Multi-symplectic Preserving Integrator for the Schr\"{o}dinger Equation with Wave Operator

TL;DR

This paper develops a multisymplectic integrator for the nonlinear Schrödinger equation with wave operator, demonstrating its superior long-term stability and accuracy in conserving physical quantities compared to existing schemes.

Contribution

The paper introduces a new multisymplectic integrator for the Schrödinger equation with wave operator, including novel conservation laws and enhanced long-term numerical stability.

Findings

The integrator accurately preserves multiple conservation laws.

It outperforms energy-preserving schemes in long-term simulations.

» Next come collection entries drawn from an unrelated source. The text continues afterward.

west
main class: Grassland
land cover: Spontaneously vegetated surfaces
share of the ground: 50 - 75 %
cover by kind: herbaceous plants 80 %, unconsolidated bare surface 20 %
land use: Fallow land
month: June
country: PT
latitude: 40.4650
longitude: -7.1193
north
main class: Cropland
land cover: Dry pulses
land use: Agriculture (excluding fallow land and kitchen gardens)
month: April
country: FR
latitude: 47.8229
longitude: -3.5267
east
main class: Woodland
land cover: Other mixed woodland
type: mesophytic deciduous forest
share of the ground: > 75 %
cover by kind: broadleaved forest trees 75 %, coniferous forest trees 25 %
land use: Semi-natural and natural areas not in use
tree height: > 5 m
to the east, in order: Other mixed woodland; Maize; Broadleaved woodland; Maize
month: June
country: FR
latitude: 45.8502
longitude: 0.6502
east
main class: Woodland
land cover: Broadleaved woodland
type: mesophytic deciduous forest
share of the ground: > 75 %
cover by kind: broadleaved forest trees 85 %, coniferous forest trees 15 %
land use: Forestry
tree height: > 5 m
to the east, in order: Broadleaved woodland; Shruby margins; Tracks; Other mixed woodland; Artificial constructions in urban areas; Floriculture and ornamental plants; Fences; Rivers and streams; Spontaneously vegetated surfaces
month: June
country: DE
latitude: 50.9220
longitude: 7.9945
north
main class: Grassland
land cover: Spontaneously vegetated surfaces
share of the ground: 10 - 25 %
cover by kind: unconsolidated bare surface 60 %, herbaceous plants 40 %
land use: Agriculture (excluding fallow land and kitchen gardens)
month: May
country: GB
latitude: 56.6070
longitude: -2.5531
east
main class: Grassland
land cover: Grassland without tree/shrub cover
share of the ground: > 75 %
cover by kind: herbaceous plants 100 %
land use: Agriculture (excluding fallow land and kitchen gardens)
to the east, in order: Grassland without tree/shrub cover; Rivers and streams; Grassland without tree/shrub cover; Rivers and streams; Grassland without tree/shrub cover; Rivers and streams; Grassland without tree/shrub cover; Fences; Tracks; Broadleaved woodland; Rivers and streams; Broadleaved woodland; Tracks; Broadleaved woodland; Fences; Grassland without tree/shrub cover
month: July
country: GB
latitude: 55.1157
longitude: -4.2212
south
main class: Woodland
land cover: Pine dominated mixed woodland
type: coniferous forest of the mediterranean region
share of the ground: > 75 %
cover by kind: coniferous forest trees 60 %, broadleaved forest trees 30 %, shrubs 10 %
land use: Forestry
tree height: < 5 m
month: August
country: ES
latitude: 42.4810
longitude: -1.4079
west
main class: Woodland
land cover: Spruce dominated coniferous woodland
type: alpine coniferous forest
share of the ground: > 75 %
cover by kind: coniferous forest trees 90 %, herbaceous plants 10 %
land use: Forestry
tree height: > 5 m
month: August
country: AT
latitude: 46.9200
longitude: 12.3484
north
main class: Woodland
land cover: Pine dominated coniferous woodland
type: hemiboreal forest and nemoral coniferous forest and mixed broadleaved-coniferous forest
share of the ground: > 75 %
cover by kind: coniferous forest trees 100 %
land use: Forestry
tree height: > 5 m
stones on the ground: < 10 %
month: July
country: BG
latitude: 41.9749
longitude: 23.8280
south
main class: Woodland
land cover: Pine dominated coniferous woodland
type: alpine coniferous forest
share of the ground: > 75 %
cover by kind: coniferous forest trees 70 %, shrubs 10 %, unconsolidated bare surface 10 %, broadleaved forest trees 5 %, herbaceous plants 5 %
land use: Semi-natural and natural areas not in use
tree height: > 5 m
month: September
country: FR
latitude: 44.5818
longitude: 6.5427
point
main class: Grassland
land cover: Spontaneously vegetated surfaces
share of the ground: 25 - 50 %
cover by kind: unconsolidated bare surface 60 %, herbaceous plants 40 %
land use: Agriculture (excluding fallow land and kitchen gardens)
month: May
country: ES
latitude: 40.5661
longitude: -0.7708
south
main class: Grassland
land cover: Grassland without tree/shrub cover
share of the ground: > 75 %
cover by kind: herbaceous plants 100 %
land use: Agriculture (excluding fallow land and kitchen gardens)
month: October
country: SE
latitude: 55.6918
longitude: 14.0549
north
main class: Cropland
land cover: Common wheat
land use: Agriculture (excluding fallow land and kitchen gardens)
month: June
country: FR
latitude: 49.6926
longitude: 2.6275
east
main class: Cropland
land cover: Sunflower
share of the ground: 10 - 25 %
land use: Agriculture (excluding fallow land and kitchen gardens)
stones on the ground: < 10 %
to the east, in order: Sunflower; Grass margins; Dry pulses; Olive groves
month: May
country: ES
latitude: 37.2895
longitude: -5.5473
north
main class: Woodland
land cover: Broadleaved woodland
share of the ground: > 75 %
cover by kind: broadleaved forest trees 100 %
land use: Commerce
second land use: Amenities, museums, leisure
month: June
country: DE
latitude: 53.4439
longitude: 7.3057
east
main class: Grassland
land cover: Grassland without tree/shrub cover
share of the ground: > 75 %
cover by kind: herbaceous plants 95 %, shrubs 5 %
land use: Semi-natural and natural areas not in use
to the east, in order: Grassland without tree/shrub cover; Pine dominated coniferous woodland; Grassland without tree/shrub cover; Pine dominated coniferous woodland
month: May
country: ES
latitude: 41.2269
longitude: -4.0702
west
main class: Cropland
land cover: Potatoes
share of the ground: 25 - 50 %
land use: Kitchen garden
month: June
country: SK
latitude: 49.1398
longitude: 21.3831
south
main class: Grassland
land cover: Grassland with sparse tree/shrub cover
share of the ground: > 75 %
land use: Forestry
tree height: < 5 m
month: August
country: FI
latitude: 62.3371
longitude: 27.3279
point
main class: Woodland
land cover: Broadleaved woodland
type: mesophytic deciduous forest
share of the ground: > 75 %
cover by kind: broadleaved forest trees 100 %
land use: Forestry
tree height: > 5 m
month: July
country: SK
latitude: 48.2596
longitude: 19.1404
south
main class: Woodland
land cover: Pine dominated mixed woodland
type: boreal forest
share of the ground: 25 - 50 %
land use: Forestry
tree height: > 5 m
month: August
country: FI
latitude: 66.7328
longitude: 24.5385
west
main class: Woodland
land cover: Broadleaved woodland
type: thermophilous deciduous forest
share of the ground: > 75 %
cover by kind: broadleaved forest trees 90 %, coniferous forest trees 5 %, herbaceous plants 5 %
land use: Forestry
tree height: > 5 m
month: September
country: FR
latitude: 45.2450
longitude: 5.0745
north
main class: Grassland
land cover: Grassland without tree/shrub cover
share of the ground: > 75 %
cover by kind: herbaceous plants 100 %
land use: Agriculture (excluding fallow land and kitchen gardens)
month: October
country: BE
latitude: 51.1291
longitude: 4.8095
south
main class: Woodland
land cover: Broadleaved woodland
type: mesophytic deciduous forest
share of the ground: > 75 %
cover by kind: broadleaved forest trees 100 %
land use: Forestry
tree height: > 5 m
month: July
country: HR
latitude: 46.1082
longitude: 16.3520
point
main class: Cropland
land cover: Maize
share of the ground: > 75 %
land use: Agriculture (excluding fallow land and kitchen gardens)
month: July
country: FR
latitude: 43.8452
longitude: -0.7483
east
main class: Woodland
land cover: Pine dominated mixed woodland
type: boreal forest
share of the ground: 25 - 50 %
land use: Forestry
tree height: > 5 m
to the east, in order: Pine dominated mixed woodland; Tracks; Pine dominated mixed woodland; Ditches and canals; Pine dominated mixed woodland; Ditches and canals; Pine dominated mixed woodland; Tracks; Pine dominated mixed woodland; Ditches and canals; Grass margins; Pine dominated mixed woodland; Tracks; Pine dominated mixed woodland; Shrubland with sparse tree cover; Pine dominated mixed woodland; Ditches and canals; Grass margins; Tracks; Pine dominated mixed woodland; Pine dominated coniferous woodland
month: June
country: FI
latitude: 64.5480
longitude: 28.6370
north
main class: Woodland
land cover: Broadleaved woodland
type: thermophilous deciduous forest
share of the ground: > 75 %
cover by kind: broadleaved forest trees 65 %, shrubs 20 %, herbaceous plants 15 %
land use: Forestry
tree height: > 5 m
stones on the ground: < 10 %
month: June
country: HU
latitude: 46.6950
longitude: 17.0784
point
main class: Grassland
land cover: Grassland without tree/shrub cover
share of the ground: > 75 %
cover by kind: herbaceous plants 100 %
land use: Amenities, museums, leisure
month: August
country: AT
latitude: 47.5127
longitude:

Residual mass is lower than in comparable schemes.

Abstract

In the article, we discuss the conservation laws for the nonlinear Schr\"{o}dinger equation with wave operator under multisymplectic integrator (MI). First, the conservation laws of the continuous equation are presented and one of them is new. The multisymplectic structure and MI are constructed for the equation. The discrete conservation laws of the numerical method are analyzed. It is verified that the proposed MI can stably simulate the multisymplectic Hamiltonian system excellent over long-term. It is more accurate than some energy-preserving schemes though they are of the same accuracy. Moreover, the residual of mass is less than energy-preserving schemes under the same mesh partition over long-term.